Orthogonal vectors in case of Lorentz Metric Let us consider $\mathbb{R}^4$ equipped with the Lorentz metric
$$\eta(X,Y)=x^0y^0-(x^1y^1+x^2y^2+x^3y^3)$$
Let $X\in\mathbb{R}^4$ a time-like vector, that is $\eta(X,X)>0$. I want to show that all orthogonal vectors $Y\in\mathbb{R}^4$ are zero or space-like vectors.
It is not difficult to prove that the zero-vector is orthogonal to the time-like vector. To show the case of a space-like vector I assume Y is time-like. Hence $\eta(Y,Y)>0$. It follows
$$0<\eta(X,X)+\underbrace{2\eta(X,Y)}_{=0}+\eta(Y,Y)=\eta(X+Y,X+Y),\quad X\not=0$$
Putting $X=-Y$ we get the contradiction $0<0$. Hence Y must be a space-like vector.
Is the reasoning correct?
 A: Suppose $X$ is timelike, so that $\eta(X,X)>0$. Without loss of generality, suppose $\eta(X,X)=a\ $ for some $positive$ constant $a\in\mathrm{R}^{+}$ (positive since its timelike).
Now $choose$ a coordinate system in which $x^{0}=\sqrt{a}\ $ and $\ x^{1}=x^{2}=x^{3}=0$ (you can always do this since the quantity $\eta(X,X)$ is invariant of the coordinate system being used). You can check that $\eta(X,X)=a\ $ in this coordinate system.
Now suppose $Y$ is a vector with components $y^{0}$, $y^{1}$, $y^{2}$, $y^{3}$, and is orthogonal to $X$. This means that $\eta(X,Y)=0$. What conditions does this give you on the coordinates of $Y$?
A: No. The reasoning is incorrect. The vector $X$ has been fixed from the get go, so it is "illegal" to later on say "set $X = -Y$." 
One correct way to prove the assertion is as follows. 

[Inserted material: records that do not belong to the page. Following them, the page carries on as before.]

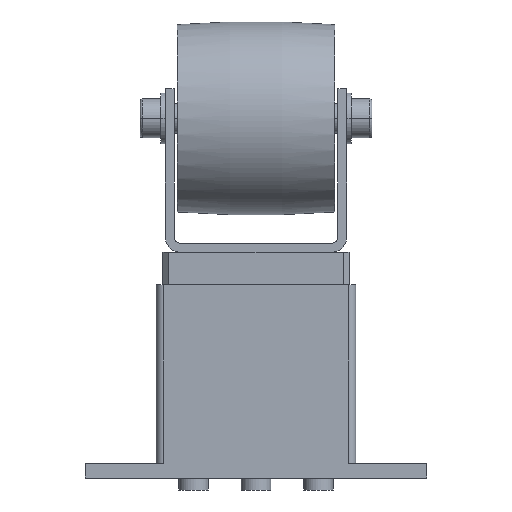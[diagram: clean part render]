
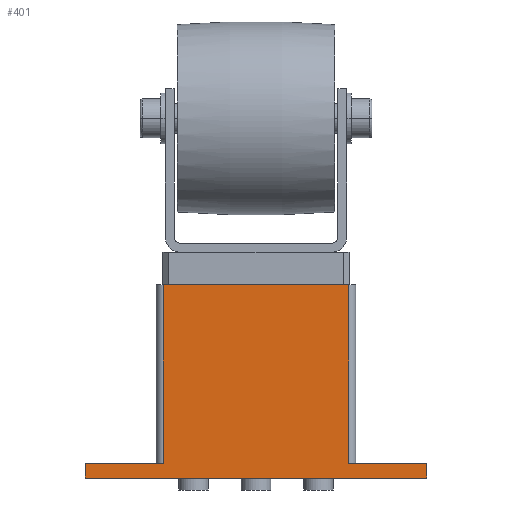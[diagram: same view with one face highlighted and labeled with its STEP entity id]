
A CAD part, left-side view. The second image highlights one B-rep face of the part: STEP entity #401.
In plain terms, the highlighted planar face has unit normal (-1, 0, 0).
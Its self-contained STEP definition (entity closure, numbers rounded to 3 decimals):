
#401=ADVANCED_FACE('',(#958),#959,.T.);
#958=FACE_OUTER_BOUND('',#1698,.T.);
#959=PLANE('',#1699);
#1698=EDGE_LOOP('',(#2733,#2734,#2735,#2736,#2737,#2738,#2739,#2740));
#1699=AXIS2_PLACEMENT_3D('',#2741,#2742,#2743);
#2733=ORIENTED_EDGE('',*,*,#4301,.T.);
#2734=ORIENTED_EDGE('',*,*,#4284,.T.);
#2735=ORIENTED_EDGE('',*,*,#4293,.T.);
#2736=ORIENTED_EDGE('',*,*,#4281,.F.);
#2737=ORIENTED_EDGE('',*,*,#4308,.T.);
#2738=ORIENTED_EDGE('',*,*,#4316,.F.);
#2739=ORIENTED_EDGE('',*,*,#4318,.T.);
#2740=ORIENTED_EDGE('',*,*,#4319,.T.);
#2741=CARTESIAN_POINT('',(-17.5,0.0,0.0));
#2742=DIRECTION('',(-1.0,0.0,0.0));
#2743=DIRECTION('',(0.0,-1.0,0.0));
#4281=EDGE_CURVE('',#5104,#5102,#5106,.T.);
#4284=EDGE_CURVE('',#5110,#5108,#5111,.T.);
#4293=EDGE_CURVE('',#5108,#5102,#5123,.T.);
#4301=EDGE_CURVE('',#5132,#5110,#5133,.T.);
#4308=EDGE_CURVE('',#5104,#5141,#5143,.T.);
#4316=EDGE_CURVE('',#5151,#5141,#5153,.T.);
#4318=EDGE_CURVE('',#5151,#5155,#5156,.T.);
#4319=EDGE_CURVE('',#5155,#5132,#5157,.T.);
#5102=VERTEX_POINT('',#6205);
#5104=VERTEX_POINT('',#6207);
#5106=LINE('',#6209,#6210);
#5108=VERTEX_POINT('',#6212);
#5110=VERTEX_POINT('',#6214);
#5111=LINE('',#6215,#6216);
#5123=LINE('',#6230,#6231);
#5132=VERTEX_POINT('',#6241);
#5133=LINE('',#6242,#6243);
#5141=VERTEX_POINT('',#6254);
#5143=LINE('',#6257,#6258);
#5151=VERTEX_POINT('',#6267);
#5153=LINE('',#6270,#6271);
#5155=VERTEX_POINT('',#6273);
#5156=LINE('',#6274,#6275);
#5157=LINE('',#6276,#6277);
#6205=CARTESIAN_POINT('',(-17.5,31.2,65.0));
#6207=CARTESIAN_POINT('',(-17.5,31.2,5.0));
#6209=CARTESIAN_POINT('',(-17.5,31.2,5.0));
#6210=VECTOR('',#7505,1.0);
#6212=CARTESIAN_POINT('',(-17.5,-31.2,65.0));
#6214=CARTESIAN_POINT('',(-17.5,-31.2,5.0));
#6215=CARTESIAN_POINT('',(-17.5,-31.2,5.0));
#6216=VECTOR('',#7509,1.0);
#6230=CARTESIAN_POINT('',(-17.5,31.2,65.0));
#6231=VECTOR('',#7524,1.0);
#6241=CARTESIAN_POINT('',(-17.5,-57.5,5.0));
#6242=CARTESIAN_POINT('',(-17.5,57.5,5.0));
#6243=VECTOR('',#7535,1.0);
#6254=CARTESIAN_POINT('',(-17.5,57.5,5.0));
#6257=CARTESIAN_POINT('',(-17.5,57.5,5.0));
#6258=VECTOR('',#7543,1.0);
#6267=CARTESIAN_POINT('',(-17.5,57.5,0.0));
#6270=CARTESIAN_POINT('',(-17.5,57.5,0.0));
#6271=VECTOR('',#7552,1.0);
#6273=CARTESIAN_POINT('',(-17.5,-57.5,0.0));
#6274=CARTESIAN_POINT('',(-17.5,57.5,0.0));
#6275=VECTOR('',#7553,1.0);
#6276=CARTESIAN_POINT('',(-17.5,-57.5,0.0));
#6277=VECTOR('',#7554,1.0);
#7505=DIRECTION('',(0.0,0.0,1.0));
#7509=DIRECTION('',(0.0,0.0,1.0));
#7524=DIRECTION('',(0.0,1.0,0.0));
#7535=DIRECTION('',(0.0,1.0,0.0));
#7543=DIRECTION('',(0.0,1.0,0.0));
#7552=DIRECTION('',(0.0,0.0,1.0));
#7553=DIRECTION('',(0.0,-1.0,0.0));
#7554=DIRECTION('',(0.0,0.0,1.0));

Write the given time-like vector $X$ in components $(X_0, X_1, X_2, X_3)$, we know that since it is timelike the components satisfy
$$ (X_0)^2 > (X_1^2 + X_2^2 + X_3^2) $$
Now suppose $Y$ is timelike, so that
$$ (Y_0)^2 > (Y_1^2 + Y_2^2 + Y_3^2) $$
we compute
$$ \eta(X,Y) = X_0 Y_0 - (X_1 Y_1 + X_2 Y_2 + X_3 Y_3) $$
By Cauchy's inequality we know
$$ |X_1 Y_1 + X_2 Y_2 + X_3 Y_3| \leq \sqrt{ X_1^2 + X_2^2 + X_3^2} \sqrt{Y_1^2 + Y_2^2 + Y_3^2} $$
but by the timelikeness we then see
$$ |X_1 Y_1 + X_2 Y_2 + X_3 Y_3| < |X_0 Y_0| $$
which implies 
$$ \eta(X,Y) \neq 0 $$
This concludes the proof that two time-like vectors can not be orthogonal in the Minkowski metric.